Monday, November 30th, 2009

Title: Little Brother
Author: Cory Doctorow
Genre: Science Fiction

Not only is Little Brother the most important book I’ve read this month, it may well be the most important book I’ve read in ten years.

I have always found Cory Doctorow’s work both entertaining and thought provoking. Little Brother is all that and more. It’s a great story that shows (rather than tells) us how important our civil rights are, both online and in real life, through Marcus, a cocky, seventeen-year-old hacker who finds himself in the wrong place at the wrong time. After a traumatizing detention with the Department of Homeland Security, Marcus finds that his entire city is turned into a police state that makes his school’s intrusive security practices look like a pre-9/11 Canadian border. He turns his hacking skills toward creating an underground network intended for his peers by hacking his Xbox. His efforts to exploit weaknesses in DHS security escalate into a cyber arms race with the feds.

It’s not easy to work an explanation of the false-positive paradox, public-key cryptography, or DNS tunnelling into a work of fiction, let alone an explanation that most people could understand and not yawn halfway through. More than any other fiction genre, SF is likely to suffer from the fact that a) the science aspects require a lot of exposition, and b) it’s hard to understand the story of you don’t understand the science. Doctorow has actually managed to get around this in that you can still enjoy the story if the technical exposition doesn’t quite make sense to you.

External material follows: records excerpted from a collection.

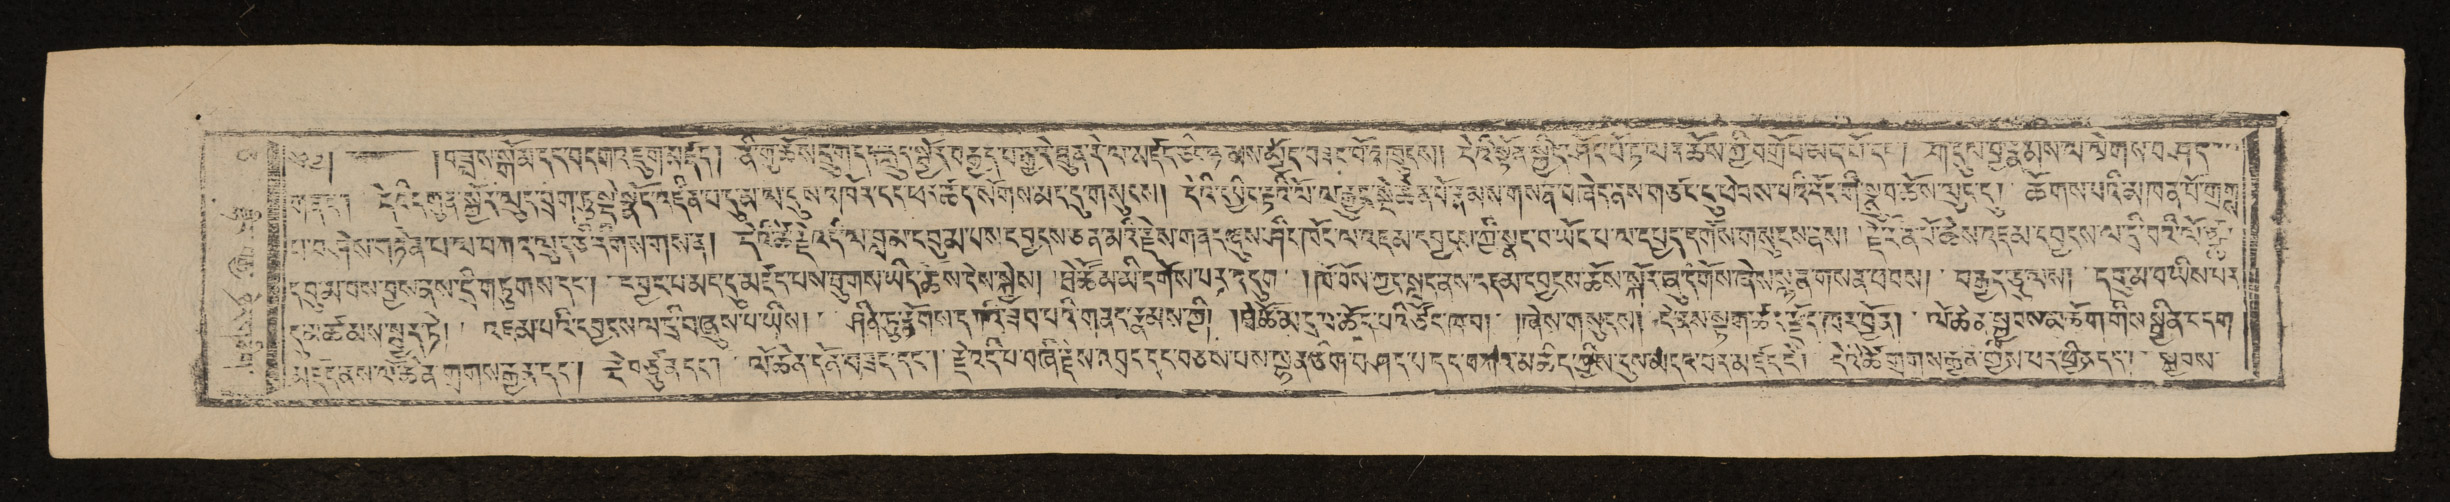༄༅། །བཟླས་སྒོམ་དང་བདག་འཇུག་མཛོད། ནི་གུ་ཆོས་དྲུག་དང་རླུང་སྦྱོར་བརྒྱད་བརྒྱ་རེ་ཐུན་རེ་ལ་མཛད་ཅིང་ཉམས་མྱོང་བཟང་པོ་འཁྲུངས། དེའི་སྟོན་སྐྱིད་ཤོད་པོ་ཏ་ལར་ཆོས་ཀྱི་འགྲོ་བ་མང་པོ་དང་། གདུལ་བྱ་རྣམས་ལ་ལེགས་བཤད་
གནང་། དེའི་དགུན་སྐྱོར་ལུང་བྲག་ཏུ་སྡེ་སྣོད་འཛིན་པ་དུ་མ་ལ་དུས་འཁོར་དང་ཕར་ཚད་སོགས་མང་དུ་གསུངས། དེའི་དཔྱིད་རྟའི་ལོ་ལ་རྒྱུད་སྡེ་ཆེན་པོ་རྣམས་གསན་བཞེད་ནས་གཙང་དུ་ཕེབས་པའི་རོང་གི་སྣུ་བ་ཆོས་ལུང་དུ། ཚོགས་པའི་མཁན་པོ་གྲགས་
པ་བཤེས་གཉེན་པ་ལ་བཀའ་ལུང་ཅི་རིགས་གསན། དེའི་ཚེ་རྗེ་འདི་ལ་བླ་མ་དབུ་མ་པས་དབྱངས་ཅན་མའི་རྗེས་གནང་ཞུས་ཤིང་ཁོང་ལ་འཇམ་དབྱངས་ཀྱི་སྣང་བ་ཡོད་པ་ལ་དཔྱད་དགོས་གསུངས་ནས། རྗེ་རིན་པོ་ཆེས་འཇམ་དབྱངས་ལ་དྲི་བའི་ལོ་ཙྪ་
དབུ་མ་པས་བྱས་ནས་དྲི་གཏུགས་དང་། དཔྱད་པ་མང་དུ་མཛད་པས་ཐུགས་ཡིད་ཆེས་ངེས་སྐྱེས། ཐེ་ཚོམ་མི་དགོས་པར་འདུག །ཁོ་བོས་ཀྱང་སླད་ནས་འཇམ་དབྱངས་ཆོས་སྐོར་ཞུ་དགོས་ཞེས་སྙན་གསན་ཕབས། བརྒྱད་ཅུ་ལས། དབུམ་པ་ཡིས་པར་
དུ་མཚམས་སྦྱར་ཏེ། །འཇམ་པའི་དབྱངས་ལ་དྲི་བ་ཞུས་པ་ཡིས། །ཤིན་ཏུ་རྟོགས་དཀའི་ཟབ་པའི་གནད་རྣམས་ཀྱི། །ཐེ་ཚོམ་དྲ་བ་ཚོད་པའི་ཙོང་ཁ་པ། །ཞེས་གསུངས། དེ་ནས་སྟག་ཚད་རྫོང་ཁར་བྱོན། ལོ་ཆེན་སྐྱབས་མཆོག་གིས་སྦྱིན་བདག་
མཛད་ནས་ལོ་ཆེན་གྲགས་རྒྱན་དང་། རྗེ་བཙུན་དང་། ལོ་ཆེན་དོན་བཟང་དང་། རྗེ་འདི་བ་བཞི་རྗེས་འབྲང་དང་བཅས་པས་ལྷན་ཅིག་བཤད་པ་དང་བཀའ་མཆིད་ཀྱིས་དུས་མདའ་བར་མཛད་དེ། དེའི་ཚེ་གྲགས་རྒྱན་གྱིས་ཕར་ཕྱིན་དང་། སྐྱབས་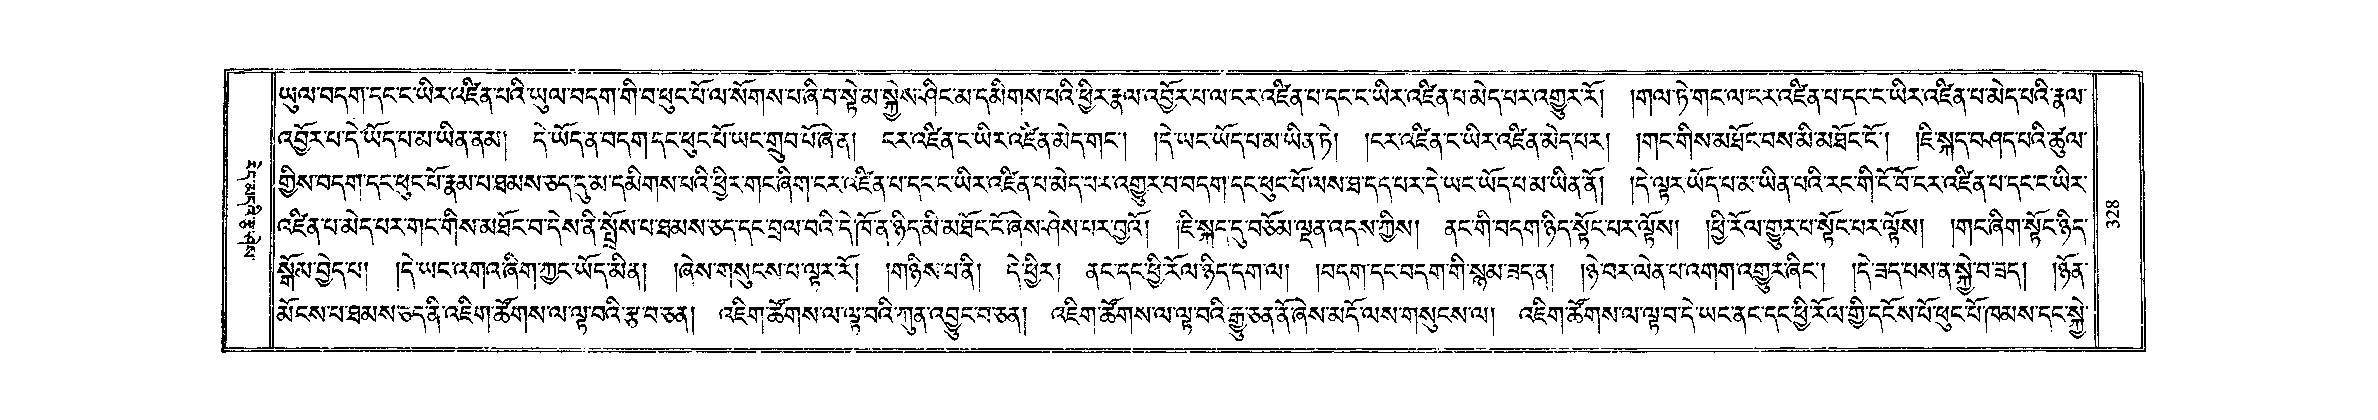ཡུལ་བདག་དང་ང་ཡིར་འཛིན་པའི་ཡུལ་བདག་གི་བ་ཕུང་པོ་ལ་སོགས་པ་ཞི་བ་སྟེ་མ་སྐྱེས་ཤིང་མ་དམིགས་པའི་ཕྱིར་རྣལ་འབྱོར་པ་ལ་ངར་འཛིན་པ་དང་ང་ཡིར་འཛིན་པ་མེད་པར་འགྱུར་རོ། །གལ་ཏེ་གང་ལ་ངར་འཛིན་པ་དང་ང་ཡིར་འཛིན་པ་མེད་པའི་རྣལ་
འབྱོར་པ་དེ་ཡོད་པ་མ་ཡིན་ནམ། དེ་ཡོད་ན་བདག་དང་ཕུང་པོ་ཡང་གྲུབ་པོ་ཞེ་ན། ངར་འཛིན་ང་ཡིར་འཛིན་མེད་གང་། །དེ་ཡང་ཡོད་པ་མ་ཡིན་ཏེ། །ངར་འཛིན་ང་ཡིར་འཛིན་མེད་པར། །གང་གིས་མཐོང་བས་མི་མཐོང་ངོ། །ཇི་སྐད་བཤད་པའི་ཚུལ་
གྱིས་བདག་དང་ཕུང་པོ་རྣམ་པ་ཐམས་ཅད་དུ་མ་དམིགས་པའི་ཕྱིར་གང་ཞིག་ངར་འཛིན་པ་དང་ང་ཡིར་འཛིན་པ་མེད་པར་འགྱུར་བ་བདག་དང་ཕུང་པོ་ལས་ཐ་དད་པར་དེ་ཡང་ཡོད་པ་མ་ཡིན་ནོ། །དེ་ལྟར་ཡོད་པ་མ་ཡིན་པའི་རང་གི་ངོ་བོ་ངར་འཛིན་པ་དང་ང་ཡིར་
འཛིན་པ་མེད་པར་གང་གིས་མཐོང་བ་དེས་ནི་སྤྲོས་པ་ཐམས་ཅད་དང་བྲལ་བའི་དེ་ཁོ་ན་ཉིད་མི་མཐོང་ངོ་ཞེས་ཤེས་པར་བྱའོ། །ཇི་སྐད་དུ་བཅོམ་ལྡན་འདས་ཀྱིས། ནང་གི་བདག་ཉིད་སྟོང་པར་ལྟོས། །ཕྱི་རོལ་གྱུར་པ་སྟོང་པར་ལྟོས། །གང་ཞིག་སྟོང་ཉིད་
སྒོམ་བྱེད་པ། །དེ་ཡང་འགའ་ཞིག་ཀྱང་ཡོད་མིན། །ཞེས་གསུངས་པ་ལྟར་རོ། །གཉིས་པ་ནི། དེ་ཕྱིར། ནང་དང་ཕྱི་རོལ་ཉིད་དག་ལ། །བདག་དང་བདག་གི་སྙམ་ཟད་ན། །ཉེ་བར་ལེན་པ་འགག་འགྱུར་ཞིང་། །དེ་ཟད་པས་ན་སྐྱེ་བ་ཟད། །ཉོན་
མོངས་པ་ཐམས་ཅད་ནི་འཇིག་ཚོགས་ལ་ལྟ་བའི་རྩ་བ་ཅན། འཇིག་ཚོགས་ལ་ལྟ་བའི་ཀུན་འབྱུང་བ་ཅན། འཇིག་ཚོགས་ལ་ལྟ་བའི་རྒྱུ་ཅན་ནོ་ཞེས་མདོ་ལས་གསུངས་ལ། འཇིག་ཚོགས་ལ་ལྟ་བ་དེ་ཡང་ནང་དང་ཕྱི་རོལ་གྱི་དངོས་པོ་ཕུང་པོ་ཁམས་དང་སྐྱེ་

But more importantly, this book brings up a lot of ideas that are important for kids to know and think about, especially kids who take it for granted that schools can force them to walk through metal detectors into camera-monitored classrooms; search their lockers, backpacks, and persons without a warrant; and expel them for heinous offenses such as possession of aspirin or diabetes supplies. If this is their normal environment, what will they be willing to accept when they’re out of school? We adults ought to be pondering the implications of that carefully, given that a lot of high school kids will be able to vote in the next election.

Another point that Doctorow slips in is how much we really own our tech toys. iPhones and Xboxes come with security measures to ensure that we can only load manufacturer-approved software on devices that we have not only paid for, but that we continue to pay to use. Sure there are hacks out there, and there’s always going to be a hacker who enjoys cracking those systems. But we all take it for granted that manufacturers can lock the devices down in the first place. Doctorow points out that most security doesn’t actually make us more secure. (I took this point to heart in particular. On the day I started reading Little Brother, someone used my home address and phone number to create a false email and eBay account and make a major purchase using one of my credit cards.) Hackers—and those of us who are paying attention—have always known this, and it’s often not hard to spot the weaknesses in a security setup.

Finally, the author makes is perfectly clear that the best defense is a good offense. Knowing how to program is a useful skill, but it’s more important to agitate for cyber rights and the freedom of information. He points out that we actually used to have “illegal math” (cryptography) in the U.S., and not that long ago, either.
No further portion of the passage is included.